**EXERCISE INSTRUCTIONS:** Restate the listing below word for word, pictures excluded.

**EXCERPTED RECORDS:**
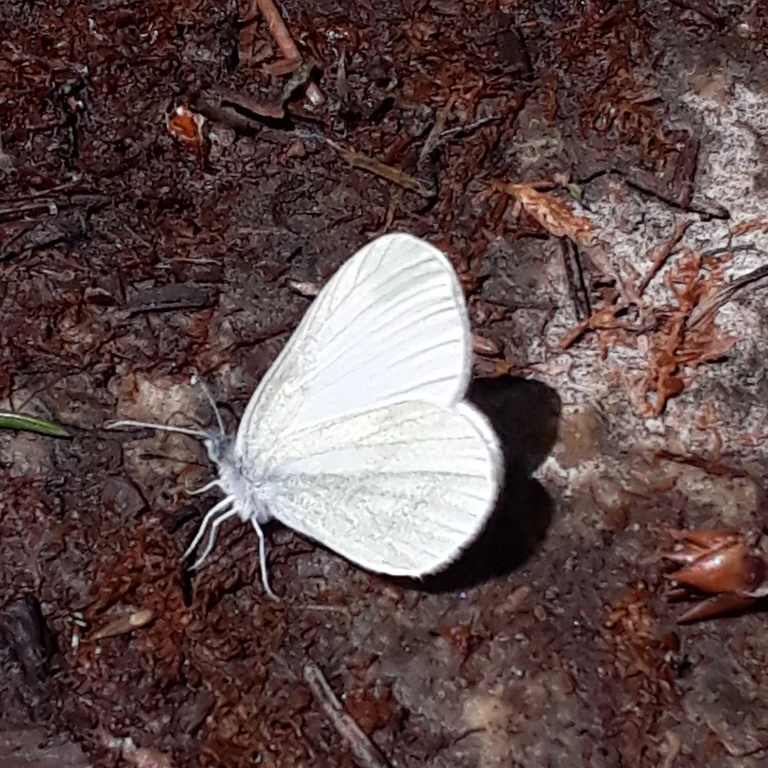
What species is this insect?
Leptidea sinapis/juvernica
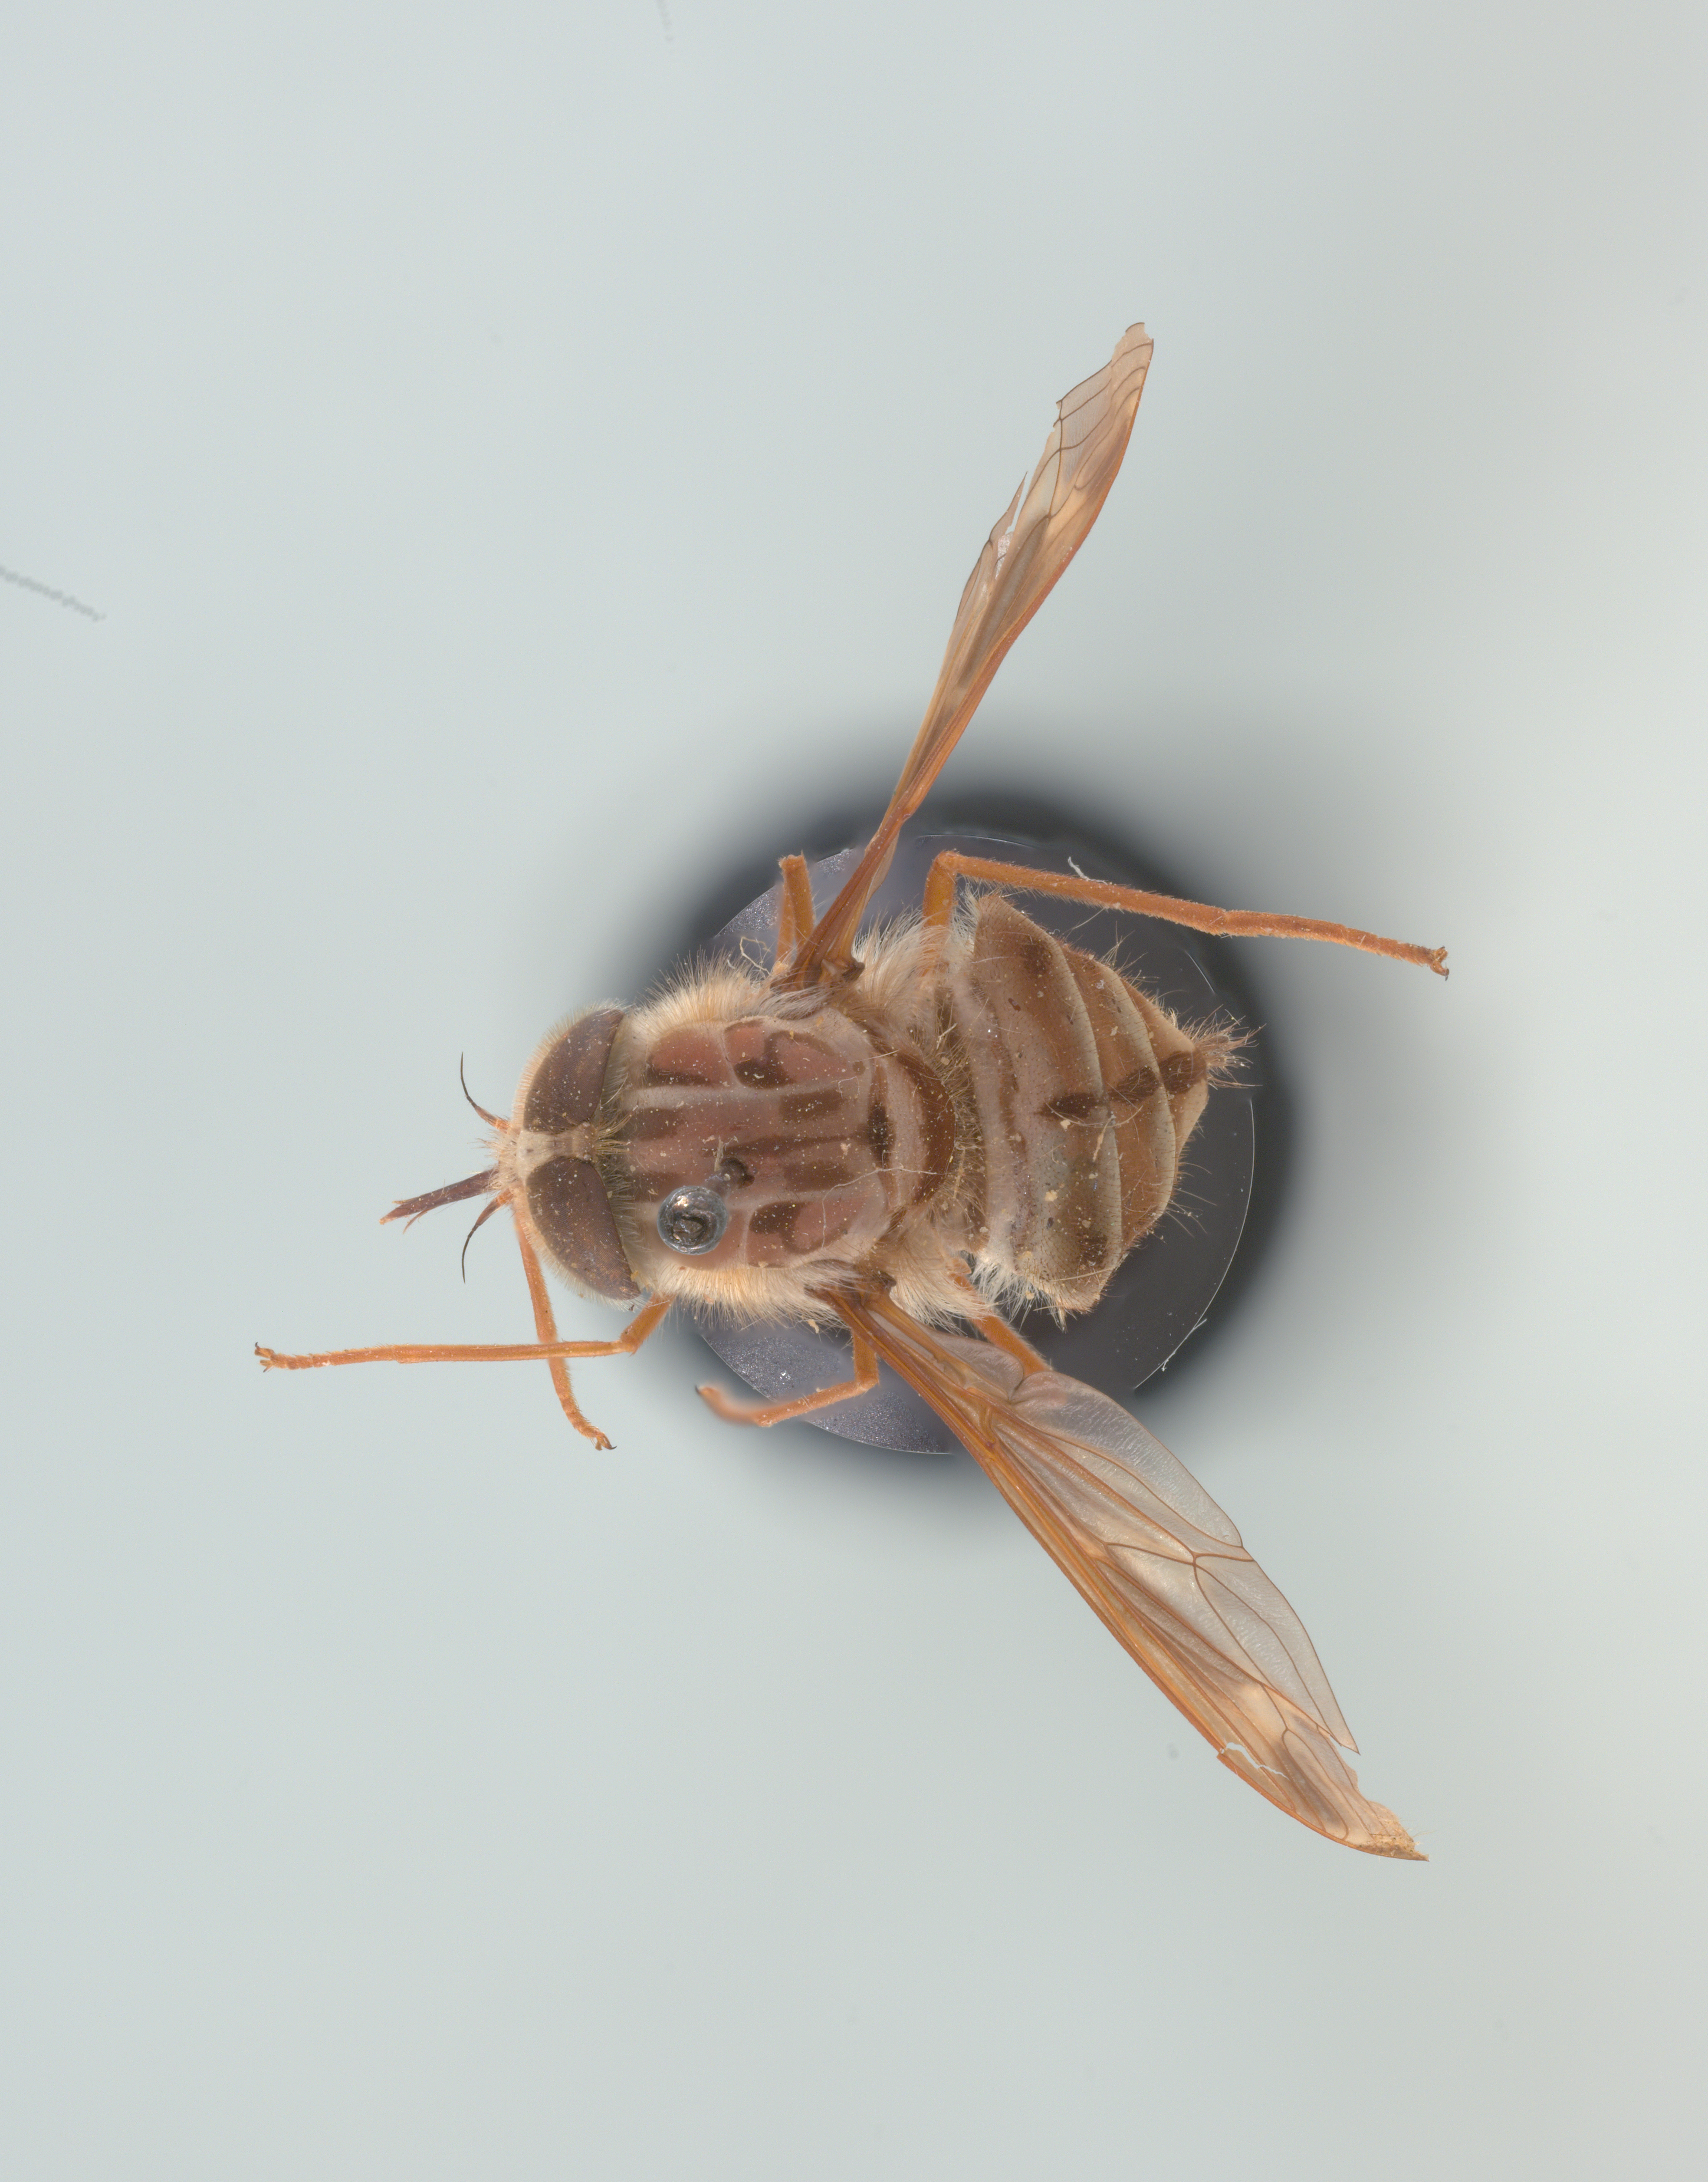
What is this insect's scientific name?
Hirmoneura nubipennis (also Trichophthalma nubipennis)
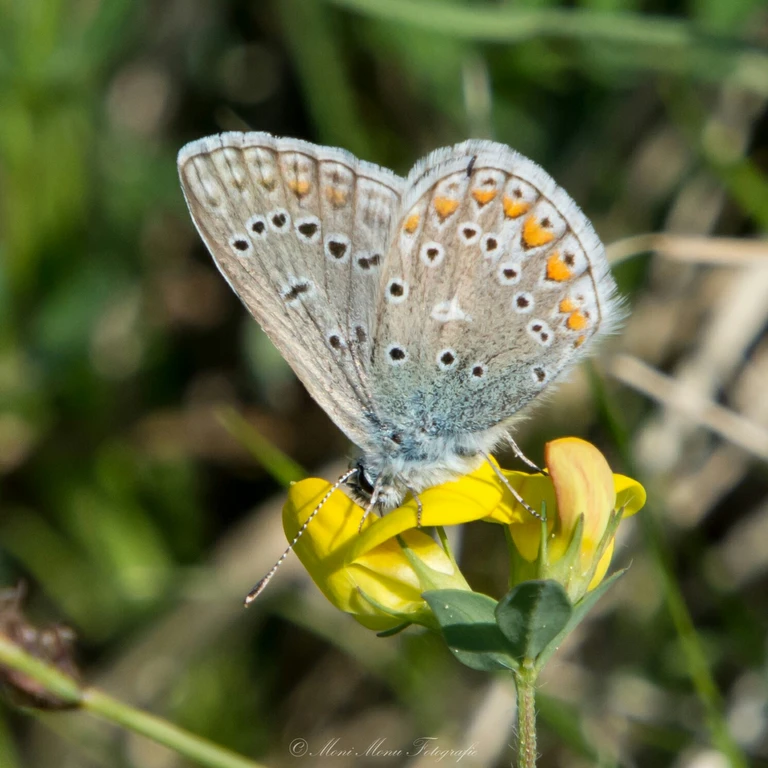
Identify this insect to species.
Polyommatus icarus

**WRITTEN ANSWER:**
What species is this insect?
Leptidea sinapis/juvernica
What is this insect's scientific name?
Hirmoneura nubipennis (also Trichophthalma nubipennis)
Identify this insect to species.
Polyommatus icarus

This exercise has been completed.